Re: [RFC PATCH] sched/fair: Introduce SIS_PAIR to wakeup task on local idle core first

From: Chen Yu
Date: Mon May 22 2023 - 00:11:33 EST


On 2023-05-18 at 15:56:12 +0530, K Prateek Nayak wrote:
[snip]
> >>
> >> Also wondering if asym_fits_cpu() check is needed in some way here.
> >> Consider a case where waker is on a weaker capacity CPU but wakee
> >> previously ran on a stronger capacity CPU. It might be worthwhile
> >> to wake the wakee on previous CPU if the current CPU does not fit
> >> the task's utilization and move the pair to the CPU with larger
> >> capacity during the next wakeup. wake_affine_weight() would select
> >> a target based on load and capacity consideration but here we
> >> switch the wakeup target to a thread on the current core.
> >>
> >> Wondering if the capacity details already considered in the path?
> >>
> > Good point, I guess what you mean is that, target could be other CPU rather than
> > the current one, there should be a check if the target equals to current CPU.
>
> Yup. That should handle the asymmetric capacity condition too but
> wondering if it makes the case too narrow to see the same benefit.
>
> Can you perhaps try "cpus_share_cache(target, smp_processor_id())"
> instead of a "target == smp_processor_id()"? Since we use similar
> logic to test if p->recent_used_cpu is a good target or not?
>
> This will be equivalent to your current implementation for a single
> socket with one LLC and as for dual socket or multiple LLC case,
> we can be sure "has_idle_core" is indicates the status of MC which
> is shared by both target and current cpu.
>
Right, in this way we can avoid the issue that target and current CPU
are in difference LLCs and has_idle_core does not reflect that.
And asym_fits_cpu() might also be needed to check if the task can fit in.
> > Let me refine the patch and have a test.
> >
>
> I'll hold off queuing a full test run until then.
>
Thank you.
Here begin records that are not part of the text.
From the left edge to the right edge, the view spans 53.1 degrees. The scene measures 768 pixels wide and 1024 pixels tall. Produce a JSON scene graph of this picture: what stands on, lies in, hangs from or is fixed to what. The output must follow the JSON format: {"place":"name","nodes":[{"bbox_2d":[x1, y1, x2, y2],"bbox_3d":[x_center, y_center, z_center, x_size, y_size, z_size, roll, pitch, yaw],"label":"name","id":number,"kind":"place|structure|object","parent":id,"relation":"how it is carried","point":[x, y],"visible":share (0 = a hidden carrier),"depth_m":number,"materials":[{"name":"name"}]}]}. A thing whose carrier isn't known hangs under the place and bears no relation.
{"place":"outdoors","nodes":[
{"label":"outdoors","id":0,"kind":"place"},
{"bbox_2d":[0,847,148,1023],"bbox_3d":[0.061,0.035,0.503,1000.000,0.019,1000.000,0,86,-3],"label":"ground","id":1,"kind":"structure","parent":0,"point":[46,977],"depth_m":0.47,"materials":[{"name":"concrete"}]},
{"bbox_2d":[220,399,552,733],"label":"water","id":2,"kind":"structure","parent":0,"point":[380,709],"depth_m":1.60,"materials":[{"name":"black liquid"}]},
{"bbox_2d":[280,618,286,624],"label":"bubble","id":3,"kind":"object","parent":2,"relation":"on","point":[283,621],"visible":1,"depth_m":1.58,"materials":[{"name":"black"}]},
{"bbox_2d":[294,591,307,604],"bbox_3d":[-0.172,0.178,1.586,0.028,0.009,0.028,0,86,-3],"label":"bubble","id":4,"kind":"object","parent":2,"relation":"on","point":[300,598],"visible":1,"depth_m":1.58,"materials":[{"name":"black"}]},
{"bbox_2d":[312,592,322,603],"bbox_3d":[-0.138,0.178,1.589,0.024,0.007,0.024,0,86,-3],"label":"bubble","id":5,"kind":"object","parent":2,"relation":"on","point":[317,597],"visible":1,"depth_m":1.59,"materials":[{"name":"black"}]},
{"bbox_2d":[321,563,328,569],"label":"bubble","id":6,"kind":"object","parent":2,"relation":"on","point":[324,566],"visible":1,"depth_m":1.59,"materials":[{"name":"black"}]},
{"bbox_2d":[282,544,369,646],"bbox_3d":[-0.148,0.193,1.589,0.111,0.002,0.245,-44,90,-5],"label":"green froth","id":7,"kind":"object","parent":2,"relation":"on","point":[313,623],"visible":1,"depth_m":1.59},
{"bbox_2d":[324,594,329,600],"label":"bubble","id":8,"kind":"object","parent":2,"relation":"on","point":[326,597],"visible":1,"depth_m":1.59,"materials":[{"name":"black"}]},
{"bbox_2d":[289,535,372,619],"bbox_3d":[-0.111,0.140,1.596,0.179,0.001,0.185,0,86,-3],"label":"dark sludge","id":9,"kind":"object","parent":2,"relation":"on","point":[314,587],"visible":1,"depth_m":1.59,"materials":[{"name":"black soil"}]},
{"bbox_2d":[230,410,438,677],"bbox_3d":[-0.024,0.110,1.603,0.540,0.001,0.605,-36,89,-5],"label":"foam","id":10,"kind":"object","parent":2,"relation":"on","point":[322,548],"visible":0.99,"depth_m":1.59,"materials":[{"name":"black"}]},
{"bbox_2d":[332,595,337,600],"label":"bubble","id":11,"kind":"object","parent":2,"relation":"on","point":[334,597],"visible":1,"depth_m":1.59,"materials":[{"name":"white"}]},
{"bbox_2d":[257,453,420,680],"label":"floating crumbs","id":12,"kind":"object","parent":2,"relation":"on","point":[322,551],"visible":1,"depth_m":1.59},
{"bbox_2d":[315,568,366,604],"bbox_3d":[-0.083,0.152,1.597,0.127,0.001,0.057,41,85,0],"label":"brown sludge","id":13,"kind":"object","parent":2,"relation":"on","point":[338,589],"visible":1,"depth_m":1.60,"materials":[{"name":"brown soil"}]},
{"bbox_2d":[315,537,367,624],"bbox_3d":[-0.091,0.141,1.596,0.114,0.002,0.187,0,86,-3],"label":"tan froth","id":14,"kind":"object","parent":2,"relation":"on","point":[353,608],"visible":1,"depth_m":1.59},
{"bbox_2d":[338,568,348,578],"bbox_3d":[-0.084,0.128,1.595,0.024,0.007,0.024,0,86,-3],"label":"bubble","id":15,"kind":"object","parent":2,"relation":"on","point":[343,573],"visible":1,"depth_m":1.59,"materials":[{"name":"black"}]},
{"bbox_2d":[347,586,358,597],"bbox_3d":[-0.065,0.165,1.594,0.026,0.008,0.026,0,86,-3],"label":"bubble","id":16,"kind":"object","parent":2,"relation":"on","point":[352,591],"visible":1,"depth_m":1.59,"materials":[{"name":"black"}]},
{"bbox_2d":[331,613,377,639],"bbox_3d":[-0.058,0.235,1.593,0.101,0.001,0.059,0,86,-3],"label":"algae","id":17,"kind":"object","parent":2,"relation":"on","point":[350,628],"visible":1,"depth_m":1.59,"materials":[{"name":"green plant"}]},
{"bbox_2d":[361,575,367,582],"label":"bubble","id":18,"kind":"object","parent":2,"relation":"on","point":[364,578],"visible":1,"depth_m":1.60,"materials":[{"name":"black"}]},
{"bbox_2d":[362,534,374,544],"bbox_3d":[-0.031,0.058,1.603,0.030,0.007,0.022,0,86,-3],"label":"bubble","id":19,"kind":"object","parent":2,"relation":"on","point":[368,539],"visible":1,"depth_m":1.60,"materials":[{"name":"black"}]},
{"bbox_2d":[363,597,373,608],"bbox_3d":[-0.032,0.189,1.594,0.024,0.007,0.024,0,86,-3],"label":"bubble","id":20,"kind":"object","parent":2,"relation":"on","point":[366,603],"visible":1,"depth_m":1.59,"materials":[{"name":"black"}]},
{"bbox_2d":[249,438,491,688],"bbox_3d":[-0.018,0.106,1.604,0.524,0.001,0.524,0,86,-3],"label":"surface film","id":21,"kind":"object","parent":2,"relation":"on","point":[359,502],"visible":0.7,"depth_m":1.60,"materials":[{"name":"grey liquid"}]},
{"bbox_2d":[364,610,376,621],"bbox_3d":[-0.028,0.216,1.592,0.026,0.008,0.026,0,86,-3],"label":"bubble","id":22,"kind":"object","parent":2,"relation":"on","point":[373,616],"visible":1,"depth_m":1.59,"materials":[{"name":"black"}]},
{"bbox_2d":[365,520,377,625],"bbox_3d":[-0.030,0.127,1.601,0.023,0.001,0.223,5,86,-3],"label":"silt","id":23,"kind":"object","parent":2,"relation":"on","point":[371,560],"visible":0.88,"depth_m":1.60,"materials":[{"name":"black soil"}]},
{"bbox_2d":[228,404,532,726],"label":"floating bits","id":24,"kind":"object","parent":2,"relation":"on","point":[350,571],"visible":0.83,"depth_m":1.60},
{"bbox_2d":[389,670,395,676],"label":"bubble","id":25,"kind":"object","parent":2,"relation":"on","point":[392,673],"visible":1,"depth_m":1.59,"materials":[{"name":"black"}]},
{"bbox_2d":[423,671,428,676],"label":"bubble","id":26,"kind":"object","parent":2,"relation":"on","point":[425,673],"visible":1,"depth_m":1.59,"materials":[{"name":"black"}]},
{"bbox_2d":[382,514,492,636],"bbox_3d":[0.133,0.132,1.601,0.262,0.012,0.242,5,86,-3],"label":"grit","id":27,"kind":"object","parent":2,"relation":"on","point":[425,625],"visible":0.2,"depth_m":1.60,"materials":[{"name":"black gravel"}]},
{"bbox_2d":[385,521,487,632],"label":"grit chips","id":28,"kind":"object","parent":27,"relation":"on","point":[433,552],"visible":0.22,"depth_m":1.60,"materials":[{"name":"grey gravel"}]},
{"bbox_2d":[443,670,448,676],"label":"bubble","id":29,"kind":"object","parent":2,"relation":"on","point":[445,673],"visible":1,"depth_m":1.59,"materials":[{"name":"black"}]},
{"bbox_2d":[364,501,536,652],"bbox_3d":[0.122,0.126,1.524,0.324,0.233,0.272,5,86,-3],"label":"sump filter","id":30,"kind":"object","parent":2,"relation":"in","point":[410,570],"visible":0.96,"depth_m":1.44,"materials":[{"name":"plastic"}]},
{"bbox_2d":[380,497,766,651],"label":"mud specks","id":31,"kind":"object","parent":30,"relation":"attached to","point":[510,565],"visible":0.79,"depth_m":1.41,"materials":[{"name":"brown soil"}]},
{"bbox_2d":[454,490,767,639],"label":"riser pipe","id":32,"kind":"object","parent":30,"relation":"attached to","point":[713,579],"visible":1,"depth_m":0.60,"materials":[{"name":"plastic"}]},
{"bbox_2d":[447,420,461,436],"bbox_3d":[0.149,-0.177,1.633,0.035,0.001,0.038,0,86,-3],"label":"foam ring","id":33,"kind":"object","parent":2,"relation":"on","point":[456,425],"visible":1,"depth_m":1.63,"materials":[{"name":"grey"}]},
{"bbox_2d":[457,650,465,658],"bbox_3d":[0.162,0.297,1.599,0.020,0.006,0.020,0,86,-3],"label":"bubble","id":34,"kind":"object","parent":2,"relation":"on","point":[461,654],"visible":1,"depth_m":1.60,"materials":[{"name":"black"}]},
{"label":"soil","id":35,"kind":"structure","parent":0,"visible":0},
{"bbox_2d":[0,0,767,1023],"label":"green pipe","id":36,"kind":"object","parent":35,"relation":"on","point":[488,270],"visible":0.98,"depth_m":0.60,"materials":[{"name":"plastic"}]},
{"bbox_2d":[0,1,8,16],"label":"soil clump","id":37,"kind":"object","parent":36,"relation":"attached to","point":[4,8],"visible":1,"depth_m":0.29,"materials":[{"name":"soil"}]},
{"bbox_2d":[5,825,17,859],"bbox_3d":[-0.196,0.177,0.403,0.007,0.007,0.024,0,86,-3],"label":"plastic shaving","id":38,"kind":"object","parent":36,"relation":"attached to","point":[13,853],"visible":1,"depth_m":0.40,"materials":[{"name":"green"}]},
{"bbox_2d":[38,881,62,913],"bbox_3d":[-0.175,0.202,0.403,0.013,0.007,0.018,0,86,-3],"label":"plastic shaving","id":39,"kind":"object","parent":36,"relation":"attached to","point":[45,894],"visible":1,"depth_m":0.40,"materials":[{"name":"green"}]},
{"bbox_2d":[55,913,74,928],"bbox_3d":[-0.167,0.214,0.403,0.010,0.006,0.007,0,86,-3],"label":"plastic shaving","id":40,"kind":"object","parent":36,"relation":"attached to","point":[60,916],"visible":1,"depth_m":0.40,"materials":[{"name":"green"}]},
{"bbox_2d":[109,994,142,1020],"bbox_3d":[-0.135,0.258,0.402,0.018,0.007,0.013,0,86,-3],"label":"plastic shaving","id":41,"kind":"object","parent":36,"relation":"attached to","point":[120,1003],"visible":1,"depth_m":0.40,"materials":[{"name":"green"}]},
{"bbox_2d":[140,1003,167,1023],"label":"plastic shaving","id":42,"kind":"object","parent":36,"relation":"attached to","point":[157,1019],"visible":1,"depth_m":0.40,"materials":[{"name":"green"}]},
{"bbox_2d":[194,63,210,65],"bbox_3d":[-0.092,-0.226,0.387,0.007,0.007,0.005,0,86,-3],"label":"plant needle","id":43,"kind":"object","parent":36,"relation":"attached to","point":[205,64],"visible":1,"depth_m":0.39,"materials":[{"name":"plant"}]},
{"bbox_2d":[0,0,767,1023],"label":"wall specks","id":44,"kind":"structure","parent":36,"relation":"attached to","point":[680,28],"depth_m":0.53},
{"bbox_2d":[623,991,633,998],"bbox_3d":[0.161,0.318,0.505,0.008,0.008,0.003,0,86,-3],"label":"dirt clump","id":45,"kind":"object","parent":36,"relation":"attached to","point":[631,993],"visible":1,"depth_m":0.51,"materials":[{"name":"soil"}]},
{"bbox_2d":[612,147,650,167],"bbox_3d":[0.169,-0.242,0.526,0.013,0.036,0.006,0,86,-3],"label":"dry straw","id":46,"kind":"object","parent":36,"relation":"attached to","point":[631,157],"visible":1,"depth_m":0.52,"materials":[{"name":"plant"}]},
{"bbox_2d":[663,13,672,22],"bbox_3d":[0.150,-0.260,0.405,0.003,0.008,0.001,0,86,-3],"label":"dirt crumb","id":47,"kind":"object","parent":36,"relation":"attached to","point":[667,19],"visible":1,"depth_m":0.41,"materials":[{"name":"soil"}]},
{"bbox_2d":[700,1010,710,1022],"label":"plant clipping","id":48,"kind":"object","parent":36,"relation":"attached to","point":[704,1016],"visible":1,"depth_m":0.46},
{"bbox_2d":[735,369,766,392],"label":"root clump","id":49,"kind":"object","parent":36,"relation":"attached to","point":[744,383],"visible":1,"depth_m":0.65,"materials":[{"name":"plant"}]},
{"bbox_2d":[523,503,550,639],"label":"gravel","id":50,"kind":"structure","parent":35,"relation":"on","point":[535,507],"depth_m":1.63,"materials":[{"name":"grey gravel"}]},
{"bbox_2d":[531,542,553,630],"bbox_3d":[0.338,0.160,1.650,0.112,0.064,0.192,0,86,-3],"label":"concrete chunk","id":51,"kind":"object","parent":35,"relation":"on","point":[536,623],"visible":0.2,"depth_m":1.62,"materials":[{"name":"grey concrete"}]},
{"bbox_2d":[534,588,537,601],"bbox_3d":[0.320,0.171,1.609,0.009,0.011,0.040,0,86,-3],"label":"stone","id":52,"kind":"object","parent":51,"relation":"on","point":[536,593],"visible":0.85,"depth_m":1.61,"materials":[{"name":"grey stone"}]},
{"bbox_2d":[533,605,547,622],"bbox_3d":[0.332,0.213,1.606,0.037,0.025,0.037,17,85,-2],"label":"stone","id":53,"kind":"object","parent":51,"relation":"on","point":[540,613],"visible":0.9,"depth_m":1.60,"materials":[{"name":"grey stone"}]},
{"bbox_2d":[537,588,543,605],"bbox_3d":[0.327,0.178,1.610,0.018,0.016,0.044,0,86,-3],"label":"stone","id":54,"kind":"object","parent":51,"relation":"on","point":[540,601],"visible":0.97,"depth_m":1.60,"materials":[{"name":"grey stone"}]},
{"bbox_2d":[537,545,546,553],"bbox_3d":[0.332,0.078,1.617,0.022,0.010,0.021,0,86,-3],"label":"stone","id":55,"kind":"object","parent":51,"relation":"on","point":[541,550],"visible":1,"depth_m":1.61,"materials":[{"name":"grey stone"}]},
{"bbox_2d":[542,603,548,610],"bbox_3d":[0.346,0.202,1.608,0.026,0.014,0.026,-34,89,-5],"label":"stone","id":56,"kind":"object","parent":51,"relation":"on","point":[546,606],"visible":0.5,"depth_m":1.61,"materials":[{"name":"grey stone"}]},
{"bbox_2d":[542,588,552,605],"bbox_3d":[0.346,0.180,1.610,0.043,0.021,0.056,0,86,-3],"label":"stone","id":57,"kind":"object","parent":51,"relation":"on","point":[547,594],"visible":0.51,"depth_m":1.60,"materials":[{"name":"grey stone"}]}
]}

I'm also thinking of removing the check of last_wakee,
so there is no much heuristic involved. I'll do some investigation.

Meanwhile, I looked back at Yicong's proposal on waking up task
on local cluster first. It did show some improvement on Jacobsville,
I guess that could also be a chance to reduce C2C latency.

thanks,
Chenyu
> > thanks,
> > Chenyu
> >
> > [..snip..]
> --
> Thanks and Regards,
> Prateek